Excerpts from a dataset

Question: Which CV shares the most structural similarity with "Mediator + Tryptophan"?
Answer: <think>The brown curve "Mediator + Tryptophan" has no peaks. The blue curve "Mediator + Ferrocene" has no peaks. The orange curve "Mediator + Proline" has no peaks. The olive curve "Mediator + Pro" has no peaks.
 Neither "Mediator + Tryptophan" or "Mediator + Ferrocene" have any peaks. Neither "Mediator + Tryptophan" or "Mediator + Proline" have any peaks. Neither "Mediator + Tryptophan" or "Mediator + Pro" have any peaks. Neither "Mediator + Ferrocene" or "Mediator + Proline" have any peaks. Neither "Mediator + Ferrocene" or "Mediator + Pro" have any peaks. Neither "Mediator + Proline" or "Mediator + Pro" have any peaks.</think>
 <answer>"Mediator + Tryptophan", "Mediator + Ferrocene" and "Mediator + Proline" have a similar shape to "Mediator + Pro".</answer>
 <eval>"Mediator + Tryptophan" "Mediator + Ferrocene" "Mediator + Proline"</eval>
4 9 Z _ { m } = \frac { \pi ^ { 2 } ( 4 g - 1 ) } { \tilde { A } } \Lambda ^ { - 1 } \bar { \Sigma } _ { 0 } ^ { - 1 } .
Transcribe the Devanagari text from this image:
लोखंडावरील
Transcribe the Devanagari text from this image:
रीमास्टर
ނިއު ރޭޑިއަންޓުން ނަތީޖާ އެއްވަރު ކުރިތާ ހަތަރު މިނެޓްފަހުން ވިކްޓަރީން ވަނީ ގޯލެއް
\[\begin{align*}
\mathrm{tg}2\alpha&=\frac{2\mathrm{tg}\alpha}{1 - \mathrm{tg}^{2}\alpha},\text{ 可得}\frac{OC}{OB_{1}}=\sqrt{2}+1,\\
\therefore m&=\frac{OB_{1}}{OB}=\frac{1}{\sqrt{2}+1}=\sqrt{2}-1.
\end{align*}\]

...

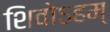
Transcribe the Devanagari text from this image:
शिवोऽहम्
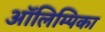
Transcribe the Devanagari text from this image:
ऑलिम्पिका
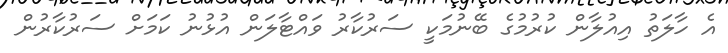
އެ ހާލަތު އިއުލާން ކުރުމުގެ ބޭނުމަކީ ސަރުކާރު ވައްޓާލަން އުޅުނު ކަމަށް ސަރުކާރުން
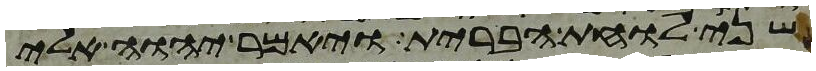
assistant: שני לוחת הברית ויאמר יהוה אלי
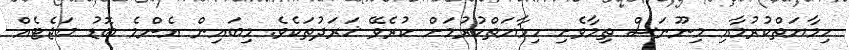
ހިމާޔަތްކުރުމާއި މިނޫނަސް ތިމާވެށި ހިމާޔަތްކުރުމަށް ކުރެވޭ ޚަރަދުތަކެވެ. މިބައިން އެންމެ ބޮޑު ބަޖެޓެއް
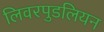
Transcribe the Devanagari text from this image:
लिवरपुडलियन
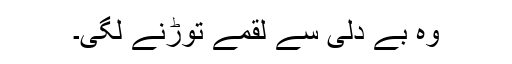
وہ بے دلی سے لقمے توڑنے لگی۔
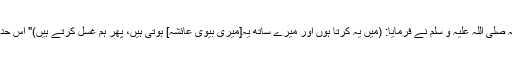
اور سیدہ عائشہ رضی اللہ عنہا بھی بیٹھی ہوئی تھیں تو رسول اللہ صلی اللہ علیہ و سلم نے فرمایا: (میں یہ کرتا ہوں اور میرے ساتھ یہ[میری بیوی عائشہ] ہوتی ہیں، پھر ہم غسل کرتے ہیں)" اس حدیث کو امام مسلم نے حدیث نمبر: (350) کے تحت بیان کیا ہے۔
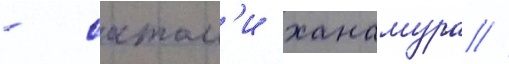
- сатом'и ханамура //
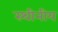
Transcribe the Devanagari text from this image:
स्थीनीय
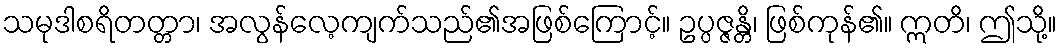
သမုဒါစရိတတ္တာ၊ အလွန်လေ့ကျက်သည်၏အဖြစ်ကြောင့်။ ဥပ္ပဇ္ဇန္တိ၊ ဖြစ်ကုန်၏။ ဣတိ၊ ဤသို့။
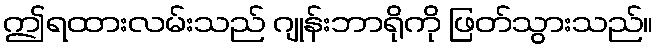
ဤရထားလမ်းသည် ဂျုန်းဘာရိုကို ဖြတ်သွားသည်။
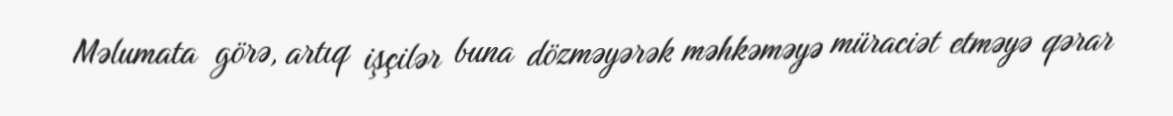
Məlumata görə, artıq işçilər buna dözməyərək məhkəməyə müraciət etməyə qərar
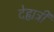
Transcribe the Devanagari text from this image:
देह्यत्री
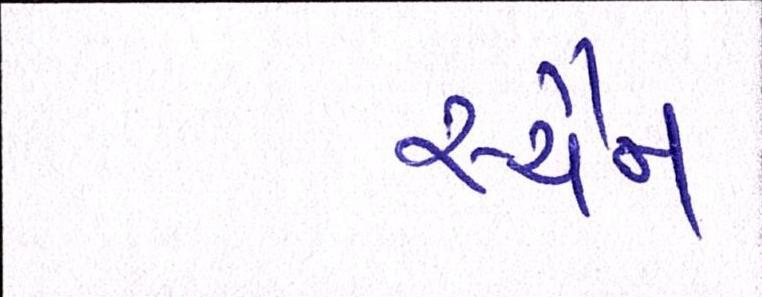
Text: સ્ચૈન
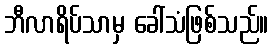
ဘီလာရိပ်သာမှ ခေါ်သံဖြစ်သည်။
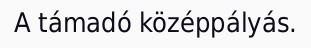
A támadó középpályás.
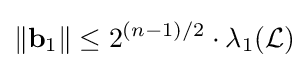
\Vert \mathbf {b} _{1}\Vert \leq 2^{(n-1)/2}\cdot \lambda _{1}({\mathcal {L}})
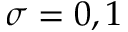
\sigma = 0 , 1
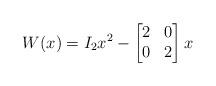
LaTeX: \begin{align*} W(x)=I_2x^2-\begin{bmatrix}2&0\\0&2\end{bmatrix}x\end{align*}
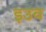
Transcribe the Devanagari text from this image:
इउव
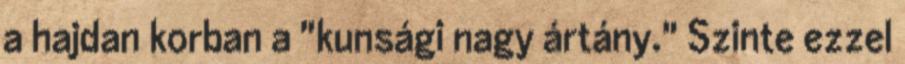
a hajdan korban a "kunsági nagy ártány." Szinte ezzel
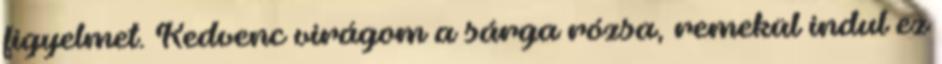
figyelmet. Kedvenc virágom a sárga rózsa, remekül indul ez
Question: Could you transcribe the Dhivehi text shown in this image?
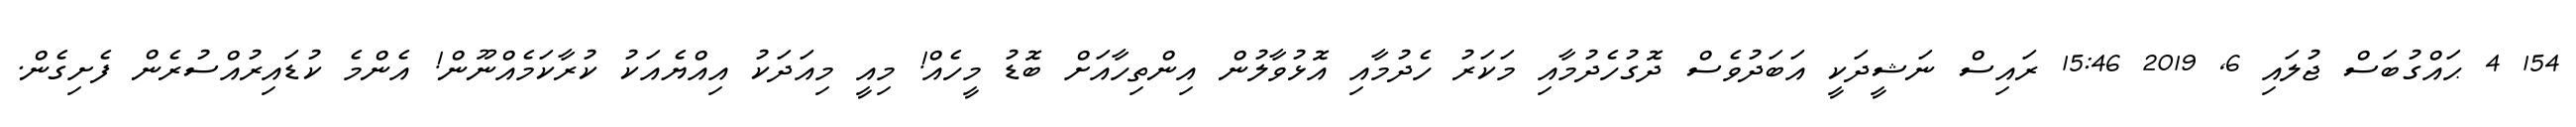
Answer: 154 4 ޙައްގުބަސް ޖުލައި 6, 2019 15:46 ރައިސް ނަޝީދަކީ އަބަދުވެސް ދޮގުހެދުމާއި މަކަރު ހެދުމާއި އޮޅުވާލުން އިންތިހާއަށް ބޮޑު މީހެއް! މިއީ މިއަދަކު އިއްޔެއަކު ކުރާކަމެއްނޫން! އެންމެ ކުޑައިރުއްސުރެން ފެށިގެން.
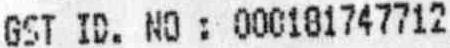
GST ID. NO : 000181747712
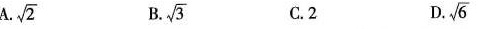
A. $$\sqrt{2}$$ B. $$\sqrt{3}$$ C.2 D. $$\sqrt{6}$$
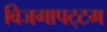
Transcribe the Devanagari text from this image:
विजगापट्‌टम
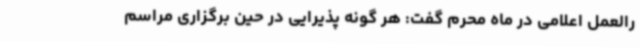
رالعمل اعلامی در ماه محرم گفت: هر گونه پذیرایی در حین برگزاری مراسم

--

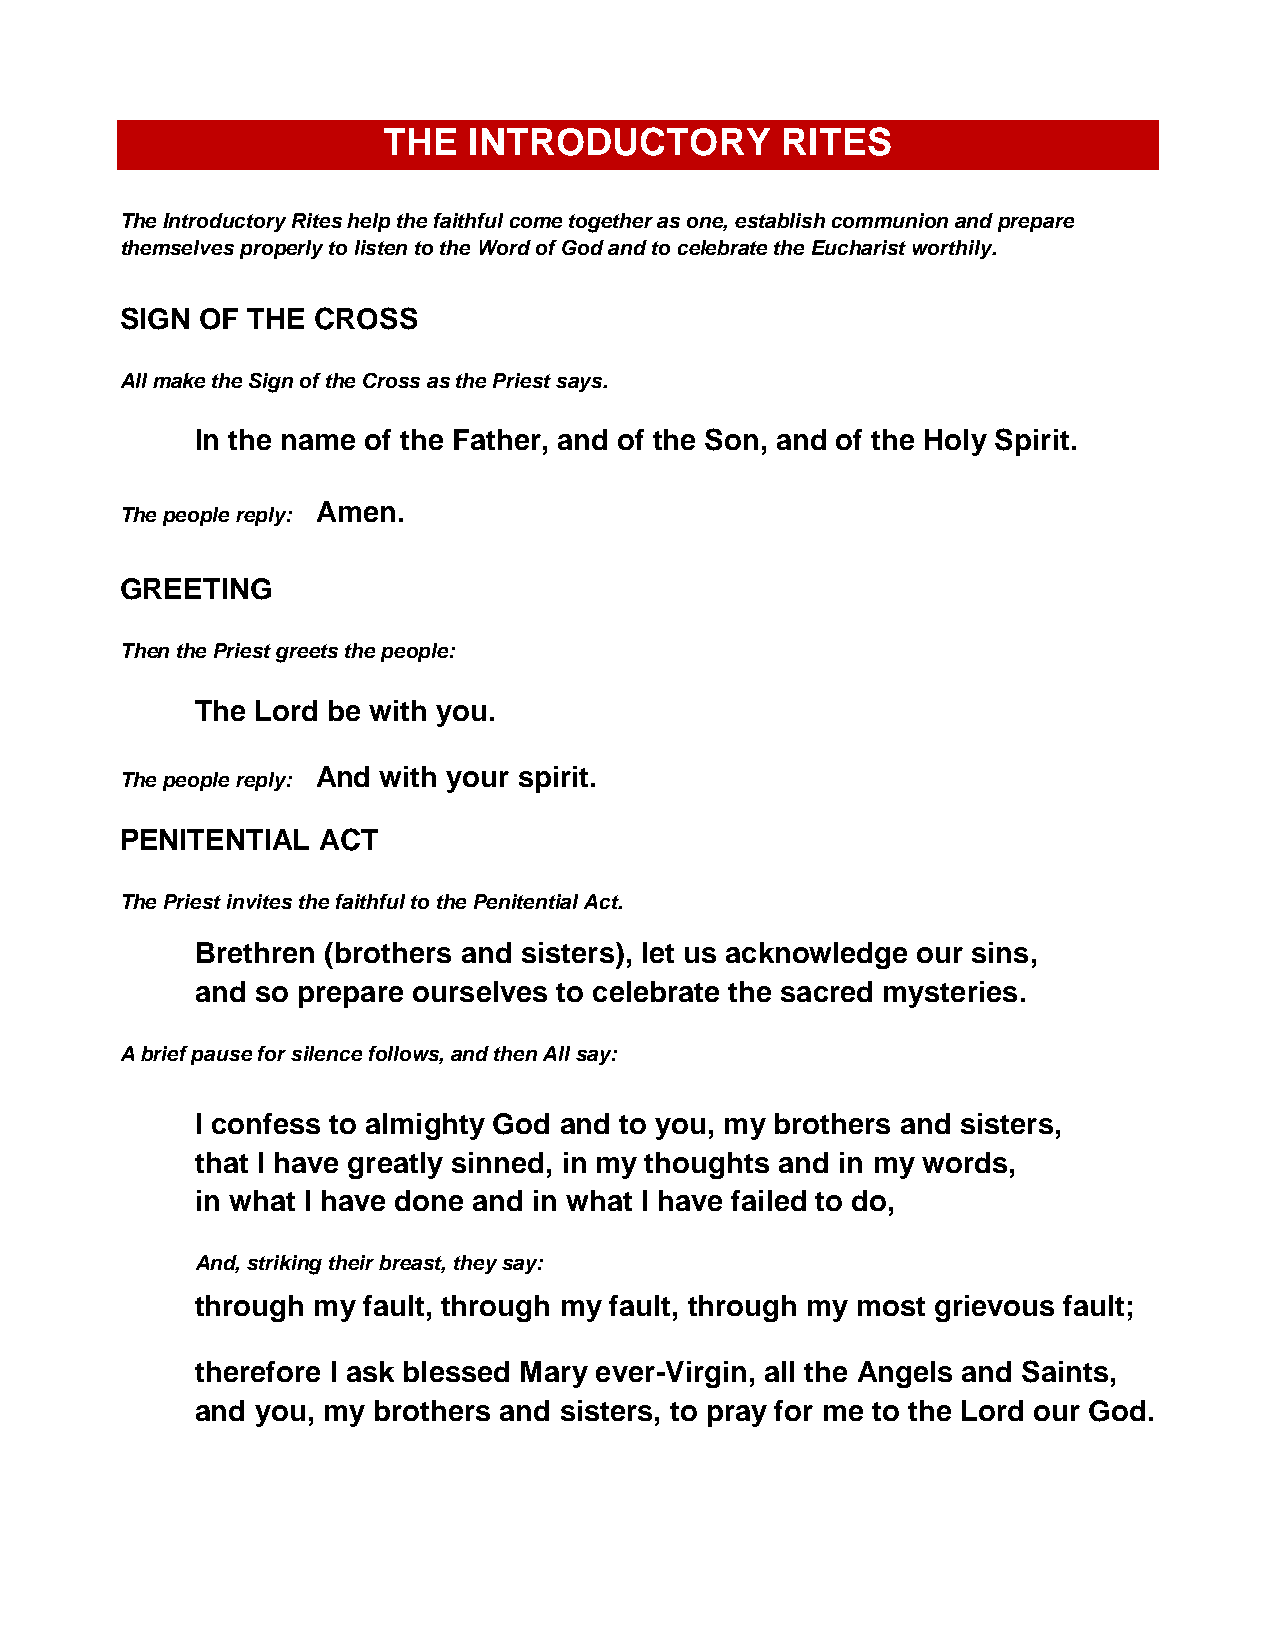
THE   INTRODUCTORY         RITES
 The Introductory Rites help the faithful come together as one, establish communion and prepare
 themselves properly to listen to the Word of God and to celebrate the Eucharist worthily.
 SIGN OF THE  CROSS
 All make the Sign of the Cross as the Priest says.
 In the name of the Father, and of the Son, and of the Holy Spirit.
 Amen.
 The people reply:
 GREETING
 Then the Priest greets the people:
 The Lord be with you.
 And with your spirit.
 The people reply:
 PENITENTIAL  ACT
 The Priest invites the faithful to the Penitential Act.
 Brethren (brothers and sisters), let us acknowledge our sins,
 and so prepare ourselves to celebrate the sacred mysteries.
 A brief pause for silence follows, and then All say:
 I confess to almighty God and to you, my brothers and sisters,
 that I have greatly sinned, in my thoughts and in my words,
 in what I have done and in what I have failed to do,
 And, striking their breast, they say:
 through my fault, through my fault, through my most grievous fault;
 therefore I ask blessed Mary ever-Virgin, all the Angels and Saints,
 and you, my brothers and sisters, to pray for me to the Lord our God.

> _What to produce_:
Show all of the lines above in which "Question" is present.

> _Task result_:
Question: Which CV shares the most structural similarity with "Mediator + Tryptophan"?
Question: Could you transcribe the Dhivehi text shown in this image?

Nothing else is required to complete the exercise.